[Records from a collection]
■ ■ ■ ■ ■ ■ ■

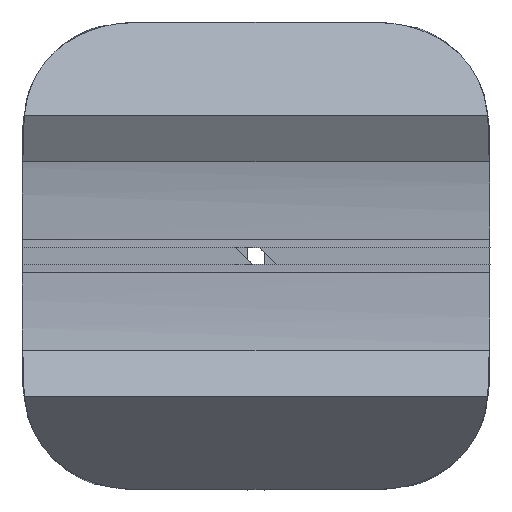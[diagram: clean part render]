
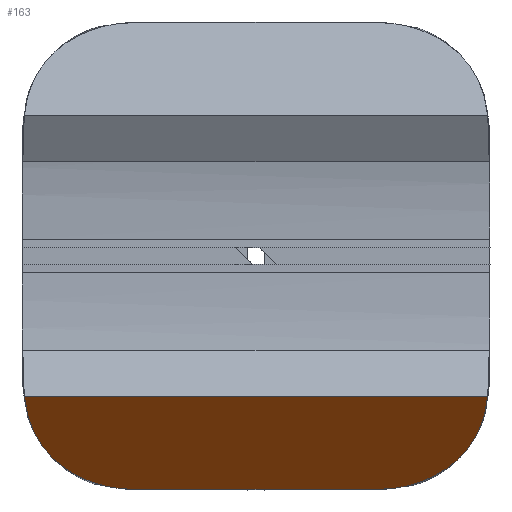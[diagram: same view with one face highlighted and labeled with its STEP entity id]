
A CAD part, left-side view. The second image highlights one B-rep face of the part: STEP entity #163.
In plain terms, the highlighted planar face has unit normal (-0.707, 0, -0.707).
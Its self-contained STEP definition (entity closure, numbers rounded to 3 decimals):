
#163=ADVANCED_FACE('',(#374),#375,.F.);
#374=FACE_OUTER_BOUND('',#1063,.T.);
#375=PLANE('',#1064);
#1063=EDGE_LOOP('',(#1888,#1889,#1890,#1891));
#1064=AXIS2_PLACEMENT_3D('',#1892,#1893,#1894);
#1888=ORIENTED_EDGE('',*,*,#2477,.T.);
#1889=ORIENTED_EDGE('',*,*,#2473,.T.);
#1890=ORIENTED_EDGE('',*,*,#2417,.T.);
#1891=ORIENTED_EDGE('',*,*,#2426,.T.);
#1892=CARTESIAN_POINT('',(-4.737,-17.5,-8.956));
#1893=DIRECTION('',(0.707,0.0,0.707));
#1894=DIRECTION('',(-0.707,0.0,0.707));
#2417=EDGE_CURVE('',#2746,#2744,#2747,.T.);
#2426=EDGE_CURVE('',#2744,#2761,#2763,.T.);
#2473=EDGE_CURVE('',#2831,#2746,#2832,.T.);
#2477=EDGE_CURVE('',#2761,#2831,#2836,.T.);
#2744=VERTEX_POINT('',#3302);
#2746=VERTEX_POINT('',#3309);
#2747=B_SPLINE_CURVE_WITH_KNOTS('',3,(#3310,#3311,#3312,#3313,#3314,#3315),.UNSPECIFIED.,.F.,.F.,(4,2,4),(0.,0.963,1.938),.UNSPECIFIED.);
#2761=VERTEX_POINT('',#3372);
#2763=B_SPLINE_CURVE_WITH_KNOTS('',3,(#3379,#3380,#3381,#3382,#3383,#3384,#3385,#3386,#3387,#3388,#3389,#3390),.UNSPECIFIED.,.F.,.F.,(4,2,2,2,2,4),(0.,0.111,0.225,0.46,0.726,1.091),.UNSPECIFIED.);
#2831=VERTEX_POINT('',#3707);
#2832=B_SPLINE_CURVE_WITH_KNOTS('',3,(#3708,#3709,#3710,#3711,#3712,#3713,#3714,#3715,#3716,#3717,#3718,#3719),.UNSPECIFIED.,.F.,.F.,(4,2,2,2,2,4),(0.,0.406,0.704,0.969,1.096,1.218),.UNSPECIFIED.);
#2836=LINE('',#3729,#3730);
#3302=CARTESIAN_POINT('',(0.261,-7.485,-13.953));
#3309=CARTESIAN_POINT('',(0.261,7.485,-13.953));
#3310=CARTESIAN_POINT('',(0.261,7.485,-13.953));
#3311=CARTESIAN_POINT('',(0.295,4.277,-13.987));
#3312=CARTESIAN_POINT('',(0.308,2.577,-14.));
#3313=CARTESIAN_POINT('',(0.308,-2.523,-14.));
#3314=CARTESIAN_POINT('',(0.296,-4.239,-13.988));
#3315=CARTESIAN_POINT('',(0.261,-7.485,-13.953));
#3372=CARTESIAN_POINT('',(-5.269,-13.854,-8.424));
#3379=CARTESIAN_POINT('',(0.261,-7.485,-13.953));
#3380=CARTESIAN_POINT('',(0.257,-7.854,-13.949));
#3381=CARTESIAN_POINT('',(0.222,-8.223,-13.914));
#3382=CARTESIAN_POINT('',(0.099,-8.954,-13.791));
#3383=CARTESIAN_POINT('',(0.009,-9.316,-13.701));
#3384=CARTESIAN_POINT('',(-0.341,-10.374,-13.352));
#3385=CARTESIAN_POINT('',(-0.675,-11.012,-13.017));
#3386=CARTESIAN_POINT('',(-1.529,-12.162,-12.163));
#3387=CARTESIAN_POINT('',(-2.059,-12.636,-11.633));
#3388=CARTESIAN_POINT('',(-3.412,-13.481,-10.28));
#3389=CARTESIAN_POINT('',(-4.311,-13.77,-9.381));
#3390=CARTESIAN_POINT('',(-5.269,-13.854,-8.424));
#3707=CARTESIAN_POINT('',(-5.269,13.854,-8.424));
#3708=CARTESIAN_POINT('',(-5.269,13.854,-8.424));
#3709=CARTESIAN_POINT('',(-4.313,13.77,-9.379));
#3710=CARTESIAN_POINT('',(-3.418,13.482,-10.274));
#3711=CARTESIAN_POINT('',(-2.065,12.641,-11.628));
#3712=CARTESIAN_POINT('',(-1.532,12.165,-12.161));
#3713=CARTESIAN_POINT('',(-0.672,11.008,-13.02));
#3714=CARTESIAN_POINT('',(-0.335,10.364,-13.357));
#3715=CARTESIAN_POINT('',(0.013,9.301,-13.705));
#3716=CARTESIAN_POINT('',(0.102,8.94,-13.794));
#3717=CARTESIAN_POINT('',(0.223,8.215,-13.915));
#3718=CARTESIAN_POINT('',(0.257,7.85,-13.949));
#3719=CARTESIAN_POINT('',(0.261,7.485,-13.953));
#3729=CARTESIAN_POINT('',(-5.269,-0.5,-8.424));
#3730=VECTOR('',#4523,10.0);
#4523=DIRECTION('',(0.0,1.0,0.0));

■ ■ ■ ■ ■ ■ ■

= Try it =
Return all of the data exactly as written, and drop the pictures.

= Reply =
[diagram: clean part render]
[diagram: same view with one face highlighted and labeled with its STEP entity id]
A CAD part, left-side view. The second image highlights one B-rep face of the part: STEP entity #163.
In plain terms, the highlighted planar face has unit normal (-0.707, 0, -0.707).
Its self-contained STEP definition (entity closure, numbers rounded to 3 decimals):
#163=ADVANCED_FACE('',(#374),#375,.F.);
#374=FACE_OUTER_BOUND('',#1063,.T.);
#375=PLANE('',#1064);
#1063=EDGE_LOOP('',(#1888,#1889,#1890,#1891));
#1064=AXIS2_PLACEMENT_3D('',#1892,#1893,#1894);
#1888=ORIENTED_EDGE('',*,*,#2477,.T.);
#1889=ORIENTED_EDGE('',*,*,#2473,.T.);
#1890=ORIENTED_EDGE('',*,*,#2417,.T.);
#1891=ORIENTED_EDGE('',*,*,#2426,.T.);
#1892=CARTESIAN_POINT('',(-4.737,-17.5,-8.956));
#1893=DIRECTION('',(0.707,0.0,0.707));
#1894=DIRECTION('',(-0.707,0.0,0.707));
#2417=EDGE_CURVE('',#2746,#2744,#2747,.T.);
#2426=EDGE_CURVE('',#2744,#2761,#2763,.T.);
#2473=EDGE_CURVE('',#2831,#2746,#2832,.T.);
#2477=EDGE_CURVE('',#2761,#2831,#2836,.T.);
#2744=VERTEX_POINT('',#3302);
#2746=VERTEX_POINT('',#3309);
#2747=B_SPLINE_CURVE_WITH_KNOTS('',3,(#3310,#3311,#3312,#3313,#3314,#3315),.UNSPECIFIED.,.F.,.F.,(4,2,4),(0.,0.963,1.938),.UNSPECIFIED.);
#2761=VERTEX_POINT('',#3372);
#2763=B_SPLINE_CURVE_WITH_KNOTS('',3,(#3379,#3380,#3381,#3382,#3383,#3384,#3385,#3386,#3387,#3388,#3389,#3390),.UNSPECIFIED.,.F.,.F.,(4,2,2,2,2,4),(0.,0.111,0.225,0.46,0.726,1.091),.UNSPECIFIED.);
#2831=VERTEX_POINT('',#3707);
#2832=B_SPLINE_CURVE_WITH_KNOTS('',3,(#3708,#3709,#3710,#3711,#3712,#3713,#3714,#3715,#3716,#3717,#3718,#3719),.UNSPECIFIED.,.F.,.F.,(4,2,2,2,2,4),(0.,0.406,0.704,0.969,1.096,1.218),.UNSPECIFIED.);
#2836=LINE('',#3729,#3730);
#3302=CARTESIAN_POINT('',(0.261,-7.485,-13.953));
#3309=CARTESIAN_POINT('',(0.261,7.485,-13.953));
#3310=CARTESIAN_POINT('',(0.261,7.485,-13.953));
#3311=CARTESIAN_POINT('',(0.295,4.277,-13.987));
#3312=CARTESIAN_POINT('',(0.308,2.577,-14.));
#3313=CARTESIAN_POINT('',(0.308,-2.523,-14.));
#3314=CARTESIAN_POINT('',(0.296,-4.239,-13.988));
#3315=CARTESIAN_POINT('',(0.261,-7.485,-13.953));
#3372=CARTESIAN_POINT('',(-5.269,-13.854,-8.424));
#3379=CARTESIAN_POINT('',(0.261,-7.485,-13.953));
#3380=CARTESIAN_POINT('',(0.257,-7.854,-13.949));
#3381=CARTESIAN_POINT('',(0.222,-8.223,-13.914));
#3382=CARTESIAN_POINT('',(0.099,-8.954,-13.791));
#3383=CARTESIAN_POINT('',(0.009,-9.316,-13.701));
#3384=CARTESIAN_POINT('',(-0.341,-10.374,-13.352));
#3385=CARTESIAN_POINT('',(-0.675,-11.012,-13.017));
#3386=CARTESIAN_POINT('',(-1.529,-12.162,-12.163));
#3387=CARTESIAN_POINT('',(-2.059,-12.636,-11.633));
#3388=CARTESIAN_POINT('',(-3.412,-13.481,-10.28));
#3389=CARTESIAN_POINT('',(-4.311,-13.77,-9.381));
#3390=CARTESIAN_POINT('',(-5.269,-13.854,-8.424));
#3707=CARTESIAN_POINT('',(-5.269,13.854,-8.424));
#3708=CARTESIAN_POINT('',(-5.269,13.854,-8.424));
#3709=CARTESIAN_POINT('',(-4.313,13.77,-9.379));
#3710=CARTESIAN_POINT('',(-3.418,13.482,-10.274));
#3711=CARTESIAN_POINT('',(-2.065,12.641,-11.628));
#3712=CARTESIAN_POINT('',(-1.532,12.165,-12.161));
#3713=CARTESIAN_POINT('',(-0.672,11.008,-13.02));
#3714=CARTESIAN_POINT('',(-0.335,10.364,-13.357));
#3715=CARTESIAN_POINT('',(0.013,9.301,-13.705));
#3716=CARTESIAN_POINT('',(0.102,8.94,-13.794));
#3717=CARTESIAN_POINT('',(0.223,8.215,-13.915));
#3718=CARTESIAN_POINT('',(0.257,7.85,-13.949));
#3719=CARTESIAN_POINT('',(0.261,7.485,-13.953));
#3729=CARTESIAN_POINT('',(-5.269,-0.5,-8.424));
#3730=VECTOR('',#4523,10.0);
#4523=DIRECTION('',(0.0,1.0,0.0));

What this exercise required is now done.